What are the chances that any given ELS is “NO”? For the sake of this simple example, we assume all letters appear equally often. So, the probability that any given ELS is “NO” is the product of the probability the first letter is N times the probability the second letter is O. That’s 1/26 times 1/26, or 1/(26x26) = 1/676. That means the odds are only 1 in 676. And the odds that any selected ELS won’t be “NO” are 675 out 676.
(In practice, we actually calculate the specific letter probabilities from how often each letter appears in the text.)
What are the odds that at least one of the ELSs will be “NO”? We can figure that out by rearranging a formula that is fairly simple.
What are the possible events that can occur? We can slot them into one of two situations. First is the situation where at least one of the ELSs is “NO.” Second is the situation where none of the ELSs are “NO.” Now these two situations include all possible things that could happen, so we know that the total of the probability that the first will occur and the probability that the second will occur must be 100%. This can be represented by the following equation:
Prob[At Least One ELS is “NO”] + Prob[No ELS is “NO”] = 100%.
Rearranging this equation, we get
Prob[At Least One ELS is “NO”] = 100%  Prob[No ELS is “NO”].
As you will recall, we already figured out what Prob[No ELS is “NO”] is for any single ELS. It is 675/676. In order for none of the six ELSs to be “NO”, it must be true that every one of them will not be “NO.” So the probability of that is
(675/676) x (675x676) x (675x676) x (675x676) x (675/676) x (675/676), or 99.12%.

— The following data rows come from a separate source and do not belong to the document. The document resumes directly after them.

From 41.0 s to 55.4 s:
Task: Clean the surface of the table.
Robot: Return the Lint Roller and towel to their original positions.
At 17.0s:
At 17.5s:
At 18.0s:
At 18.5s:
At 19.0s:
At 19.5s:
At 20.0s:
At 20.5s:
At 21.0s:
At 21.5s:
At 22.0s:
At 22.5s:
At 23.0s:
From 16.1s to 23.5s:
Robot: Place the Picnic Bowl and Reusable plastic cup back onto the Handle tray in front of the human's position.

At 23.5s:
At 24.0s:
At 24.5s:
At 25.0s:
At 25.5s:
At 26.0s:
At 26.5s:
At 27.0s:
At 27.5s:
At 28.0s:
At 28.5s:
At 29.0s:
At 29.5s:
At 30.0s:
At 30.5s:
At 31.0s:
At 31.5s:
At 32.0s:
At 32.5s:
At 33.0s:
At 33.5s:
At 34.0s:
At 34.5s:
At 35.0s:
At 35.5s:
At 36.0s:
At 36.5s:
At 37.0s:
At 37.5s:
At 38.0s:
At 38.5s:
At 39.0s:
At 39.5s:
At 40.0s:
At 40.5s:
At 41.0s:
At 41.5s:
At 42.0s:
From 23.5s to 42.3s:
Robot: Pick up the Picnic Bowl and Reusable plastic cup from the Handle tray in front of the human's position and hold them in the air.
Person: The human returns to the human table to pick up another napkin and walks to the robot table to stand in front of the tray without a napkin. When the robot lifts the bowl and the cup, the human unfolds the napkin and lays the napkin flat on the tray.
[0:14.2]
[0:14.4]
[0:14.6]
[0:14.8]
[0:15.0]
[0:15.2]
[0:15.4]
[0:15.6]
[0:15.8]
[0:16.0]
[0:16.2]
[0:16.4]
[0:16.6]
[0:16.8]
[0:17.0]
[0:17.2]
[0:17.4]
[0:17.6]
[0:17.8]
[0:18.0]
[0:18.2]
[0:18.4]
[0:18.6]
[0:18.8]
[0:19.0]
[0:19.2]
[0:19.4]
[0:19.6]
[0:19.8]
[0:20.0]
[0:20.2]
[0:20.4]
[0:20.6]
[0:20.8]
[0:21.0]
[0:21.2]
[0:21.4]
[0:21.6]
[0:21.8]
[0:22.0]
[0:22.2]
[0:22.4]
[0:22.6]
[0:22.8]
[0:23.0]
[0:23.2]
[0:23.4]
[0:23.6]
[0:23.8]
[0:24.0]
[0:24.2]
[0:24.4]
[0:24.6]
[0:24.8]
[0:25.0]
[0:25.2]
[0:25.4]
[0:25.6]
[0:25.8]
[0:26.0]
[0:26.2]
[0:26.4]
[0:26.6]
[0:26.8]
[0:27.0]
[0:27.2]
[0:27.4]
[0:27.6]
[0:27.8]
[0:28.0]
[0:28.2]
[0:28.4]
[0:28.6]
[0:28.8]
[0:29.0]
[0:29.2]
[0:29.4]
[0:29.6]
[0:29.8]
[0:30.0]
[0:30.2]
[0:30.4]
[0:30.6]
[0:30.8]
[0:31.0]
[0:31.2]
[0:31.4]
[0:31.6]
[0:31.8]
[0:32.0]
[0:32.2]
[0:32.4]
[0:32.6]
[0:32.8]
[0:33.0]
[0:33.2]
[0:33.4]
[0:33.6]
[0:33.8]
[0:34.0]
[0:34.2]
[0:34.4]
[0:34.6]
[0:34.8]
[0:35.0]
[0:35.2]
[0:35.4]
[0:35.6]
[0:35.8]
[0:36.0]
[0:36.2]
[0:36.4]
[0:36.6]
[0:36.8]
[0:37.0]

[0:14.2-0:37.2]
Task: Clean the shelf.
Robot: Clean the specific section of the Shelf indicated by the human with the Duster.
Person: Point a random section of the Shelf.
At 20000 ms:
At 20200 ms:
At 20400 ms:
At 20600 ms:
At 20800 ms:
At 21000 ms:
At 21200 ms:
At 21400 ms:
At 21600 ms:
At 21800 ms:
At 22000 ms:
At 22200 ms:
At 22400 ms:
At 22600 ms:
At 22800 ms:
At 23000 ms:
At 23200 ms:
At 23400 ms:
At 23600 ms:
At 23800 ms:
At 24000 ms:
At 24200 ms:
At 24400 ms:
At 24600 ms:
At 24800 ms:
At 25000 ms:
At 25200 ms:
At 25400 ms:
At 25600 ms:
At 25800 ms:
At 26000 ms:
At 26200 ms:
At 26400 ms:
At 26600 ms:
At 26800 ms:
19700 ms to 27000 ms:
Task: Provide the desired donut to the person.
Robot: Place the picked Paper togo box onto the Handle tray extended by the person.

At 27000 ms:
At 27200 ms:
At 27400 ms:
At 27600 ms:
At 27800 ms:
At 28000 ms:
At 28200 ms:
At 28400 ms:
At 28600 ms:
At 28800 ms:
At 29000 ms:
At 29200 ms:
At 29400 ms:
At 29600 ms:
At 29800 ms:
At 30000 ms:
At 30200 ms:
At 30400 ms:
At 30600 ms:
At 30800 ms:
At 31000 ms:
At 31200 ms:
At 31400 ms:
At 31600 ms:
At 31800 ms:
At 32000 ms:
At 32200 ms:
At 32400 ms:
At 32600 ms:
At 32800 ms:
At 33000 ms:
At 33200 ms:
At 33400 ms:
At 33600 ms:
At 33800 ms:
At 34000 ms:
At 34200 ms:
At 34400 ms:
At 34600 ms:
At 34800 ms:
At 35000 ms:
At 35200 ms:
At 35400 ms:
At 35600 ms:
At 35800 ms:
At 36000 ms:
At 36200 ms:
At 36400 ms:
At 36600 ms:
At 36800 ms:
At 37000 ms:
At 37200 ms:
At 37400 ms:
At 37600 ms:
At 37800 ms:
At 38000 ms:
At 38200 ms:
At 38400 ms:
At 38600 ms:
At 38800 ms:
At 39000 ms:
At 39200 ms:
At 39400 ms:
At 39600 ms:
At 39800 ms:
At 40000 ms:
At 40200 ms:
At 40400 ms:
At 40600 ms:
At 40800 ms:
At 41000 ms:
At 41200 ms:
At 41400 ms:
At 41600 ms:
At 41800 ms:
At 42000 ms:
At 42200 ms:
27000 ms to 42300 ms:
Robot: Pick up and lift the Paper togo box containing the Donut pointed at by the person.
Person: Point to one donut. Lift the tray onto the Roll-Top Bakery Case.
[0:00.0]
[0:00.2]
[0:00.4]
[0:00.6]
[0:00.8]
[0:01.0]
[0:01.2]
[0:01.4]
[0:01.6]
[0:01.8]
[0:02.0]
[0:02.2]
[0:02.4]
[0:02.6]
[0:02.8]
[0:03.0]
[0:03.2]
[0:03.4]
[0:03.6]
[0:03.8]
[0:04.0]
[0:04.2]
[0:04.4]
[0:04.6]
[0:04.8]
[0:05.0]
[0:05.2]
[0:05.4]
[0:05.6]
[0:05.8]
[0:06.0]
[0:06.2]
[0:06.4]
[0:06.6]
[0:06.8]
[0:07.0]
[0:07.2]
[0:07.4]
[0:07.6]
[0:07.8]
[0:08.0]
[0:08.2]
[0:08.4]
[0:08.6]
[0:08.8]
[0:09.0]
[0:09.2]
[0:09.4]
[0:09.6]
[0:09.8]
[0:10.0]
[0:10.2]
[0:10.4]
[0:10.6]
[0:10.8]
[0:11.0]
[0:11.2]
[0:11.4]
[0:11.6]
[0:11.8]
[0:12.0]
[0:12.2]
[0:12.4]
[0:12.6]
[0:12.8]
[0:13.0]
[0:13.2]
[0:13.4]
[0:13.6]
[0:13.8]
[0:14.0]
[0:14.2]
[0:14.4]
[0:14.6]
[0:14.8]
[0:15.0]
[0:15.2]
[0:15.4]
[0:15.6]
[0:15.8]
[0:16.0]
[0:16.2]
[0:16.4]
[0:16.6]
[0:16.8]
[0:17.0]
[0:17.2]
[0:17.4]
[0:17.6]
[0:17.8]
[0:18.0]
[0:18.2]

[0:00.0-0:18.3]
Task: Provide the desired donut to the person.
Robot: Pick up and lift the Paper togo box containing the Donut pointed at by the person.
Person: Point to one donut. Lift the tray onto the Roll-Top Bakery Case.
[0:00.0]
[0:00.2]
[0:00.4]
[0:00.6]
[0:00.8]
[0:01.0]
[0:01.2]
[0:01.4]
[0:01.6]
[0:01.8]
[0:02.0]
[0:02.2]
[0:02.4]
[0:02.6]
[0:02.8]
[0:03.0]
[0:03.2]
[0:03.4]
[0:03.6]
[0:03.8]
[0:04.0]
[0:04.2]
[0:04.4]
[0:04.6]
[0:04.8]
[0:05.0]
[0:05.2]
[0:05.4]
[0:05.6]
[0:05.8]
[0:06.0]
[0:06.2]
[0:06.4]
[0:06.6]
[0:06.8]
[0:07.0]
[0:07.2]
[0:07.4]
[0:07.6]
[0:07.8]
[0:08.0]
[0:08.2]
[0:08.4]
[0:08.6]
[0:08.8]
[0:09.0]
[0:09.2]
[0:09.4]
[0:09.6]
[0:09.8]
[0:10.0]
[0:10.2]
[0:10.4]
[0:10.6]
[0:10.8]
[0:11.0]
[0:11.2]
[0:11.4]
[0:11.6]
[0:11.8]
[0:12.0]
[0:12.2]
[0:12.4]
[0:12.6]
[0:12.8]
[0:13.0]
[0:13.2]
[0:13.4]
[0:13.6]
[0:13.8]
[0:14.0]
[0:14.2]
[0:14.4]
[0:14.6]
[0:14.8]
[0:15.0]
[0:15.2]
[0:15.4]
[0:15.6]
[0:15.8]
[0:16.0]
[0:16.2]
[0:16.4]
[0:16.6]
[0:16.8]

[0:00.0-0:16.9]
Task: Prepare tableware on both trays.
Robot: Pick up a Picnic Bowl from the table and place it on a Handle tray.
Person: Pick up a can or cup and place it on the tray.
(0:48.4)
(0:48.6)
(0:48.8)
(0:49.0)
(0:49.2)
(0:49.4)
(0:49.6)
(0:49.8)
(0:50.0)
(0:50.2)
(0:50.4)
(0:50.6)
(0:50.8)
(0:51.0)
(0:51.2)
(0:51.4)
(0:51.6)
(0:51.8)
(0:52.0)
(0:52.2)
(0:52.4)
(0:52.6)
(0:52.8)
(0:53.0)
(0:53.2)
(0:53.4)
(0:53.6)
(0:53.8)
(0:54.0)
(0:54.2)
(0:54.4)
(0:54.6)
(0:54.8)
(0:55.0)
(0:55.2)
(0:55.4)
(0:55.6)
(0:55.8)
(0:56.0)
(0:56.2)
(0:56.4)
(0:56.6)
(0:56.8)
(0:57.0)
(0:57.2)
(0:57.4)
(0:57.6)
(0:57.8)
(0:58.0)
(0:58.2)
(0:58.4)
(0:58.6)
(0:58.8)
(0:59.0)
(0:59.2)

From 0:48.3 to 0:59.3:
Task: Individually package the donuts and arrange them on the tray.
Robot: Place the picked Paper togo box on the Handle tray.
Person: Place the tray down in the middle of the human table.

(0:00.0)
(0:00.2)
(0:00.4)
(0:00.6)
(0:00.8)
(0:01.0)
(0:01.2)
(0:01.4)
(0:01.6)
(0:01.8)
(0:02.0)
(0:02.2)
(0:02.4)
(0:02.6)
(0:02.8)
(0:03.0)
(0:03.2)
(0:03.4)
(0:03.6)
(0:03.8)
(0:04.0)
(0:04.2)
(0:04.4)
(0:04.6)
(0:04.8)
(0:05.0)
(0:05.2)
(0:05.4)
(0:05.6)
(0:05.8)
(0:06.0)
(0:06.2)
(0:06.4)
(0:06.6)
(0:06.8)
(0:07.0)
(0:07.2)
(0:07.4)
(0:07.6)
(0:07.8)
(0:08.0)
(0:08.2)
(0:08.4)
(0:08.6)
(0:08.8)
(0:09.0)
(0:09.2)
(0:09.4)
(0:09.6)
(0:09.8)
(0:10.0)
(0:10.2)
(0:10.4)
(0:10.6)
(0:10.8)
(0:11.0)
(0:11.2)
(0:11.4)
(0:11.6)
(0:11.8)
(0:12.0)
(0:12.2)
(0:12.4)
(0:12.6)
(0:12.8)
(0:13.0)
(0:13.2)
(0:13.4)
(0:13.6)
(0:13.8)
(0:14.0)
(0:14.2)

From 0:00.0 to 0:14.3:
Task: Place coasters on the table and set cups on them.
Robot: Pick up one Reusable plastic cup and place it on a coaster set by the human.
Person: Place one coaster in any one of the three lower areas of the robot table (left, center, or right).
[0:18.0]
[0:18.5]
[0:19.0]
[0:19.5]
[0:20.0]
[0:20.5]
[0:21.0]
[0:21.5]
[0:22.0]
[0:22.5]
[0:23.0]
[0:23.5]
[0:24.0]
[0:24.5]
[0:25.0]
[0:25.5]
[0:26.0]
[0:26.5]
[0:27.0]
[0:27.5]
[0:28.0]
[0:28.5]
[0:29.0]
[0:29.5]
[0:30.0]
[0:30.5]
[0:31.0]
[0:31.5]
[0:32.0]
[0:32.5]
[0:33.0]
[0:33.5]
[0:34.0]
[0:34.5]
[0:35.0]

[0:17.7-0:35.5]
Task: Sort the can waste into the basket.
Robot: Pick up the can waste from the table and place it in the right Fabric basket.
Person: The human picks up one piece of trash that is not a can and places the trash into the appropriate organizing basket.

So the probability that at least one of the six ELSs will be “NO” is 0.88%, or about one out of 114 (= 1 / 0.88%). So it’s quite likely Steve and Marilyn would have to look at a goodly number of license plates before they found one where “NO” was “encoded.”
Thinking it Over
What have we done to solve this problem? We first counted up how many ELSs we could find in the four letters of any license plate. Then we figured out the odds that any given ELS would be “NO” and we blended this information together to figure out the odds that any selected license plate would have “NO” encoded on it.
What if we added the additional limitation that one of the letters had to be the second letter on the license plate? We approach this the same way. We count up the number of ELS positions where this would be true. They would be: 12,23,24, out of the original set of 12,13,14,23,24,34. So there are only three ways this can happen. The odds that any selected ELS will be “NO” are still the same, but the probability that “NO” will not appear as an ELS that has at least one letter in the second position involves multiplying (675/676) times itself fewer times:
(675/676) x (675x676) x (675x676), or 99.56%.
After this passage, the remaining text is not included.